Ok, so let's take I Dream Of Jeannie and Bewitched for a moment.  Doesn't the fact that these became big hits say something about the audience?   I am of the assumption that these were shows created up by male writers, approved by male TV executives, and embraced by largely male audiences...  bearing that in mind, isn't there something we can conclude about the culture of the day?  I think there are people who make entire careers of doing that sort of analysis. 

I Dream of Jeannie and Bewitched might not talk about a single socially contentious issue in any episode, but I think the existence of the shows and their popularity in their time is in itself a form of social commentary, and possibly a more significant comment about the society they existed in than any conscious social commentary the writers might have inserted into an episode.  As I said earlier, I think our dreams and nightmares and fantasies say more about us than our conscious attempts to describe ourselves.

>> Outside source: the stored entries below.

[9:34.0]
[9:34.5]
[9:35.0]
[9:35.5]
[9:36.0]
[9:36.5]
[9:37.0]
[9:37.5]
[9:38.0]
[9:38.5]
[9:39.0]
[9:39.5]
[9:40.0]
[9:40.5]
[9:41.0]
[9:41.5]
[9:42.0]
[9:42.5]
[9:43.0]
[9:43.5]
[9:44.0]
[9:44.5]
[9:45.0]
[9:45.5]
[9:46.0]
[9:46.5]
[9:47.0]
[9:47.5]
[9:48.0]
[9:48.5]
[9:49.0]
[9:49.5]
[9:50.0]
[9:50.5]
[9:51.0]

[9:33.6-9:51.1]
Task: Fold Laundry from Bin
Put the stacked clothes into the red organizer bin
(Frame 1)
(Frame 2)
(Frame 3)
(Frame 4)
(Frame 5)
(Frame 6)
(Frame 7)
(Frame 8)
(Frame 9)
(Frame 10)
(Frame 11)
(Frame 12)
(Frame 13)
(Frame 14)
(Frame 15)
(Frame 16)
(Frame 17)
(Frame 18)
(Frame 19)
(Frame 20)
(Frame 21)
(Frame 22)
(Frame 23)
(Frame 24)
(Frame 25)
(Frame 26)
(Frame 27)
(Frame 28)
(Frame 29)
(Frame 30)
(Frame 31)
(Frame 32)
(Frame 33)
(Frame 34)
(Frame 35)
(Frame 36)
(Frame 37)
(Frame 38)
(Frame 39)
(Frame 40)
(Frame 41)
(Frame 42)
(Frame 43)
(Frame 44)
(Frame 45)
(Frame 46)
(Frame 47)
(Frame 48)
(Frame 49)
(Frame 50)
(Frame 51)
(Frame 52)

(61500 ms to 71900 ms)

As for Tackling Social Issuestm I think there's a certain level of delusional self-importance involved when writers set out to "tackle social issues".   "This week on a Very Special Episode of Diff'rent Strokes, we're tackling drugs!"   One of Willis's friends has obtained a joint, and Willis wants his friends to think he's cool, but after a "Watchoo talkin bout Willis???" and a lecture from Mr Drummond, Willis realizes that being cool isn't the most important thing. Problem solved! Issue tackled!

I don't think that issues get "tackled" in the space of a half hour moral lesson... I think that "tackling issues" is a long term project. I think that Ellen DeGeneres has "tackled" homophobia by building empathy and rapport over a span of many years.   Archie Bunker is another one that's before my time, I've only seen clips... but I gather that it depicted a dialogue between tradition and conservatism and progress and liberalism that went on many years. 

And I don't think that overt attempts to "tackle" an issue are especially effective anyway.  I don't think that setting out to create a fictional environment that shows racism is bad is as effective as creating a show around a black family that people find likeable and relatable and building empathy for the situation.  I don't think that an overt attempt to "tackle" homophobia would be as effective as Will ^ Grace or Ellen were.   And I don't think having someone lecture people about female empowerment is as effective as simply presenting empowered females-- be it Murphy Brown, or be it the newer generation of active and assertive Disney princesses, or be it Wonder Woman.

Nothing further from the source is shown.